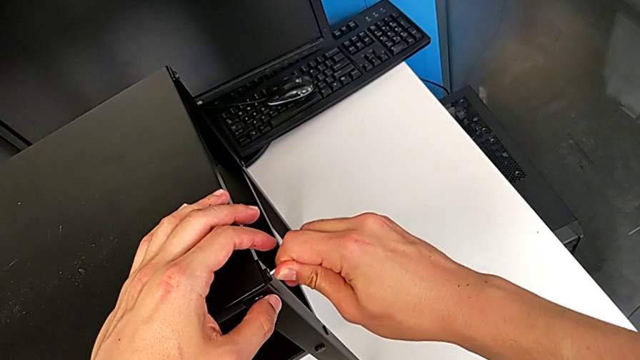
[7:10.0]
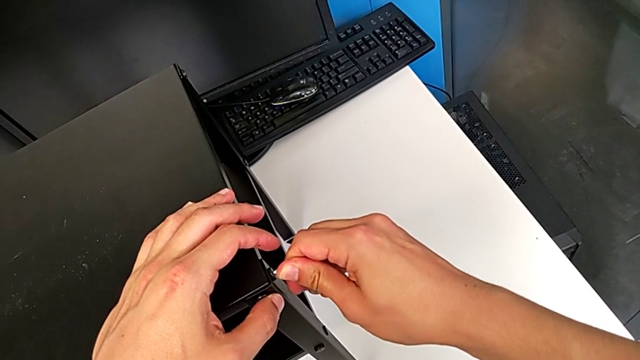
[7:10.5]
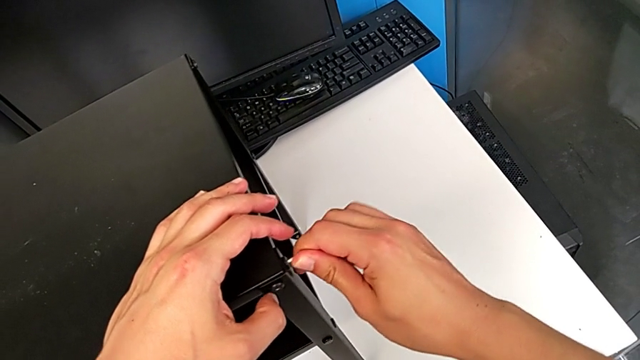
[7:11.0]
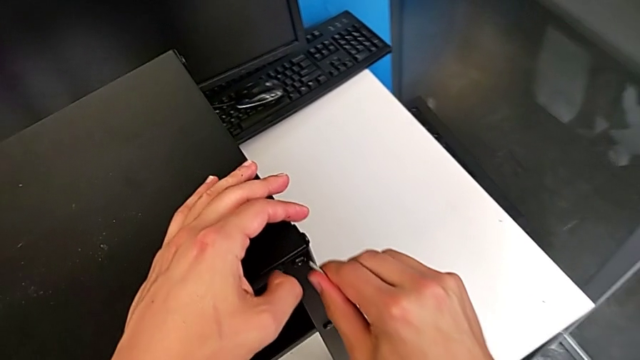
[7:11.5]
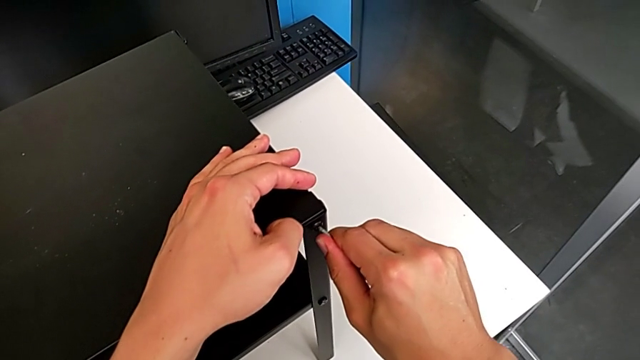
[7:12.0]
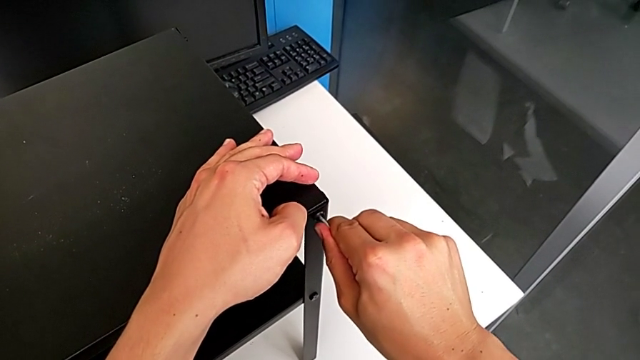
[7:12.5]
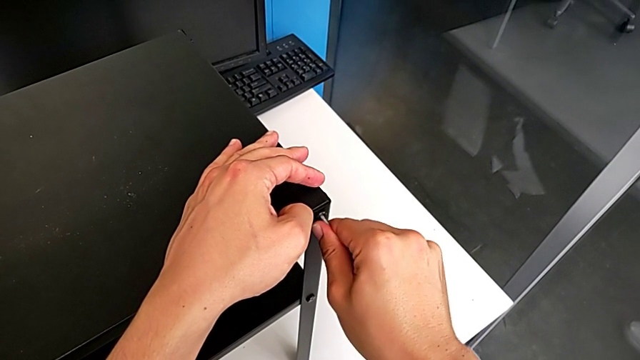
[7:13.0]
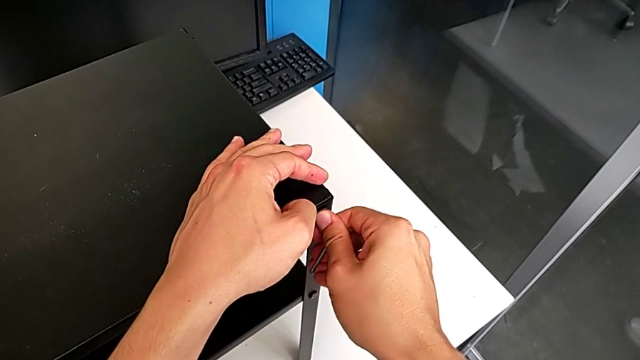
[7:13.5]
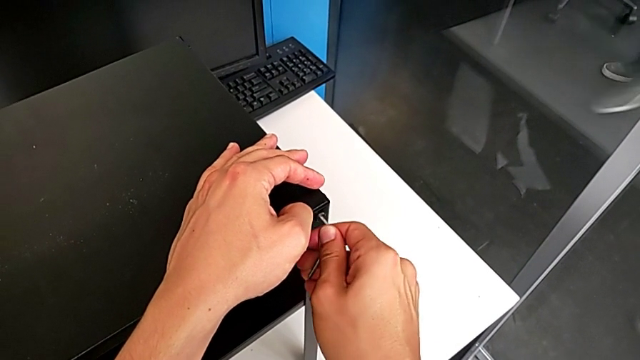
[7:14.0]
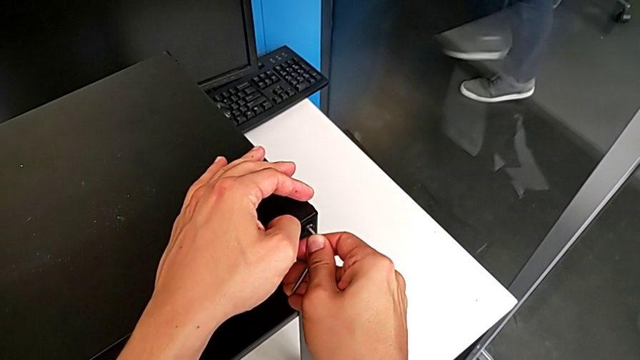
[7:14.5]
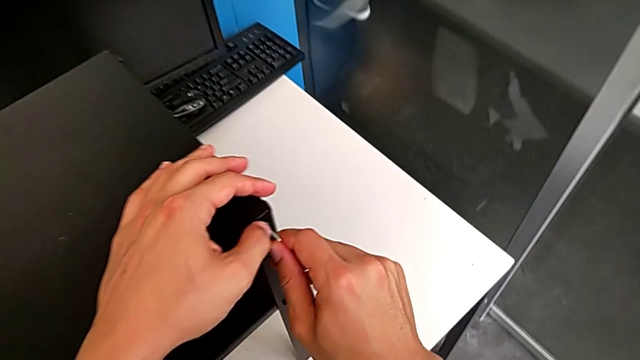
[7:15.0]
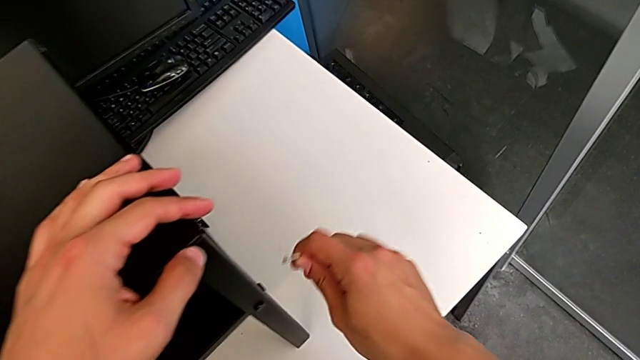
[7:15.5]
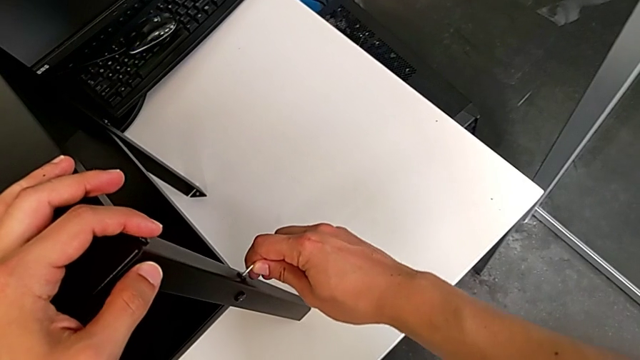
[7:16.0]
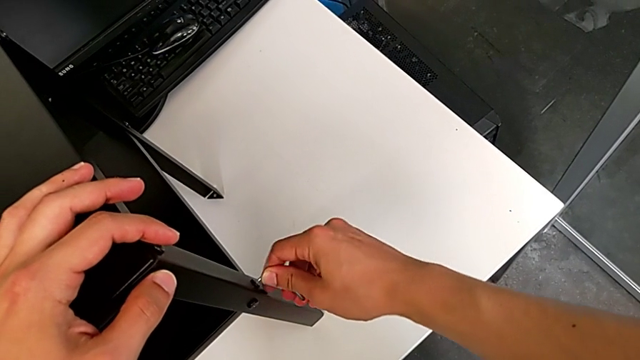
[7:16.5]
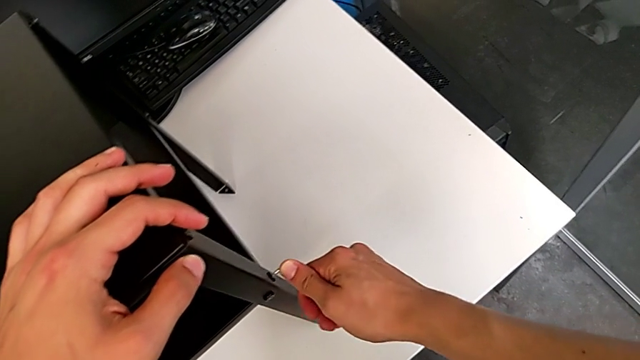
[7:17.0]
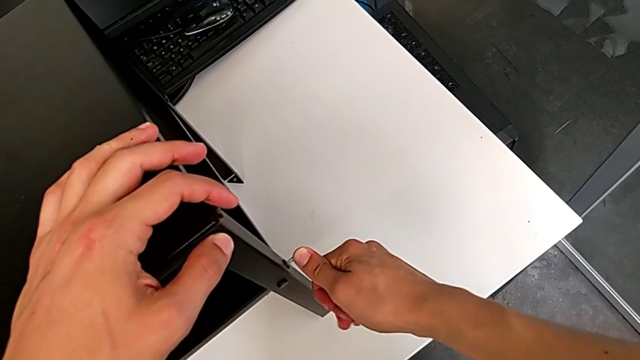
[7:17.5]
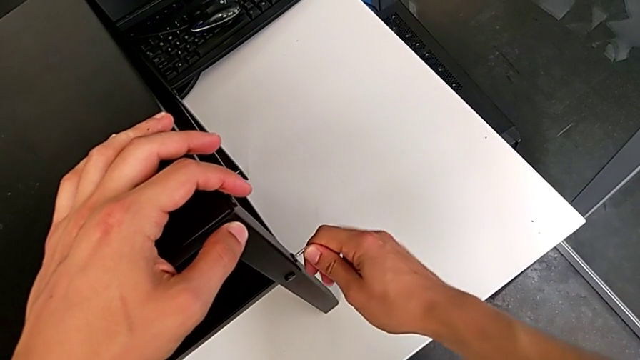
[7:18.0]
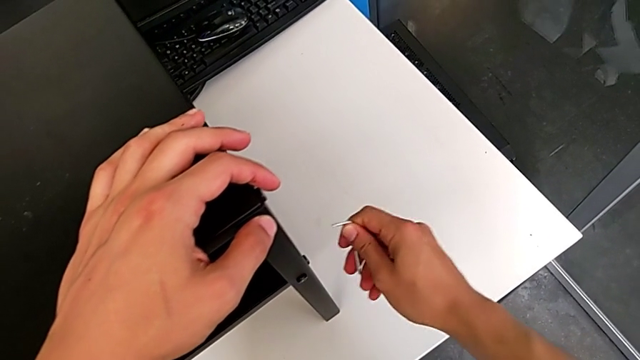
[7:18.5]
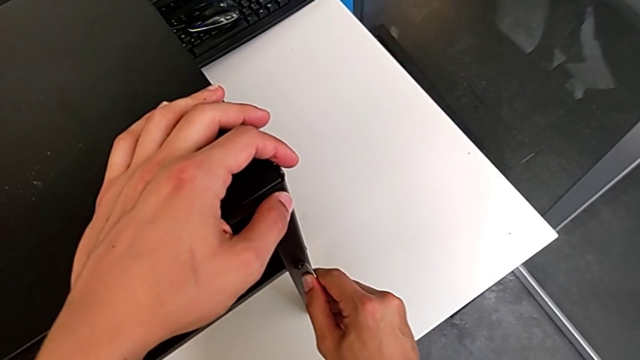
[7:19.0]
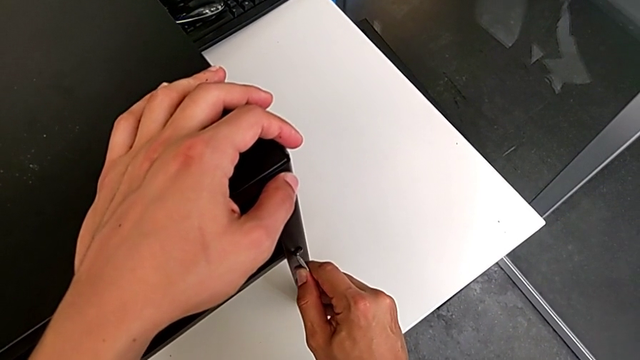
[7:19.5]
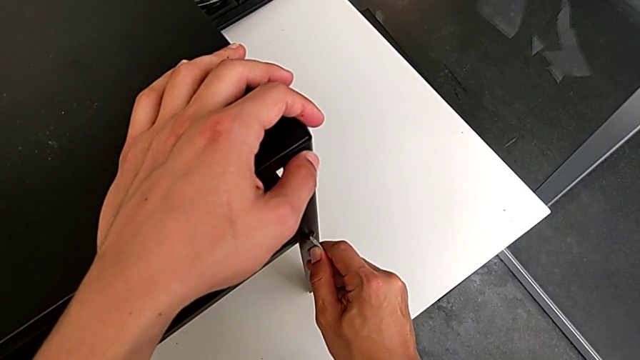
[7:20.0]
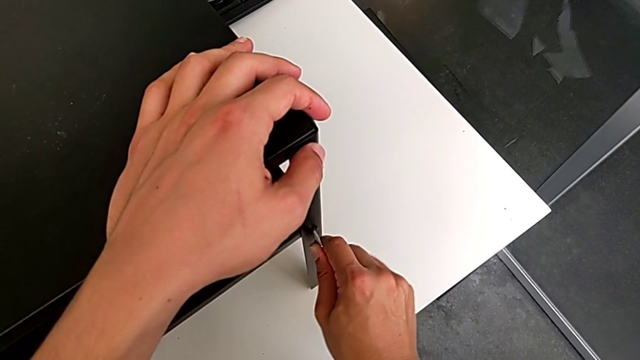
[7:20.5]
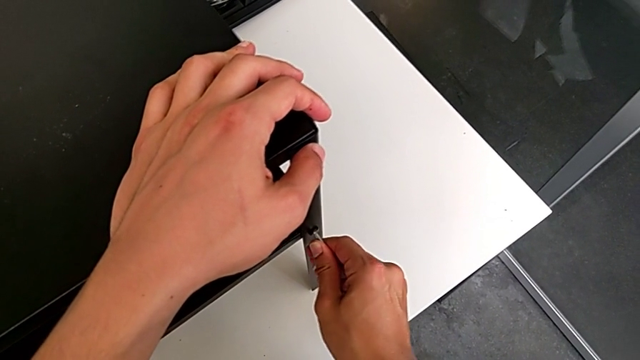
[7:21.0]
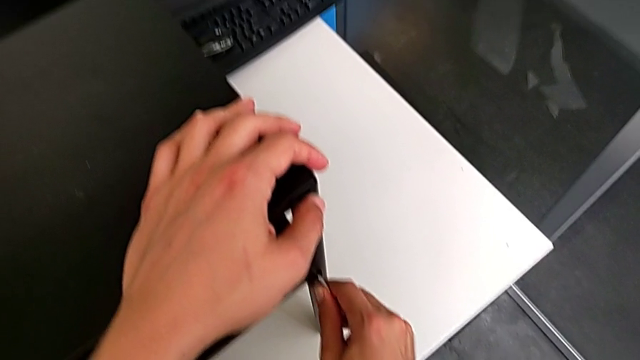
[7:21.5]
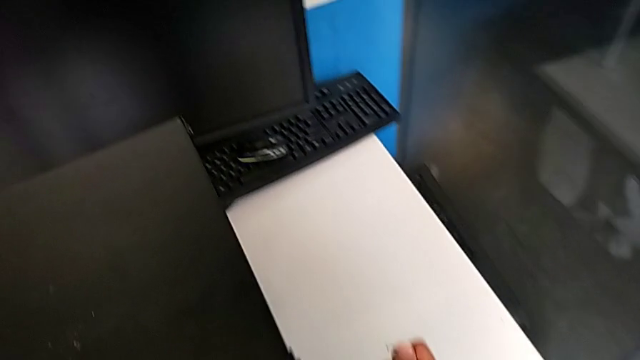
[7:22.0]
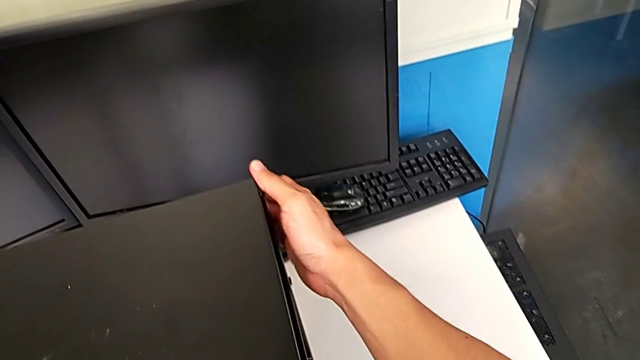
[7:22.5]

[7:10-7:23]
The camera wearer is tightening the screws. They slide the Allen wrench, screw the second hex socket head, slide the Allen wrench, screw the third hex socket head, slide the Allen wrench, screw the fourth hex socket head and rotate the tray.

===============

= YOUR GOAL =
The records above should be returned exactly; no image belongs in the copy.

= EXERCISE RESULT =
[7:10.0]
[7:10.5]
[7:11.0]
[7:11.5]
[7:12.0]
[7:12.5]
[7:13.0]
[7:13.5]
[7:14.0]
[7:14.5]
[7:15.0]
[7:15.5]
[7:16.0]
[7:16.5]
[7:17.0]
[7:17.5]
[7:18.0]
[7:18.5]
[7:19.0]
[7:19.5]
[7:20.0]
[7:20.5]
[7:21.0]
[7:21.5]
[7:22.0]
[7:22.5]

[7:10-7:23]
The camera wearer is tightening the screws. They slide the Allen wrench, screw the second hex socket head, slide the Allen wrench, screw the third hex socket head, slide the Allen wrench, screw the fourth hex socket head and rotate the tray.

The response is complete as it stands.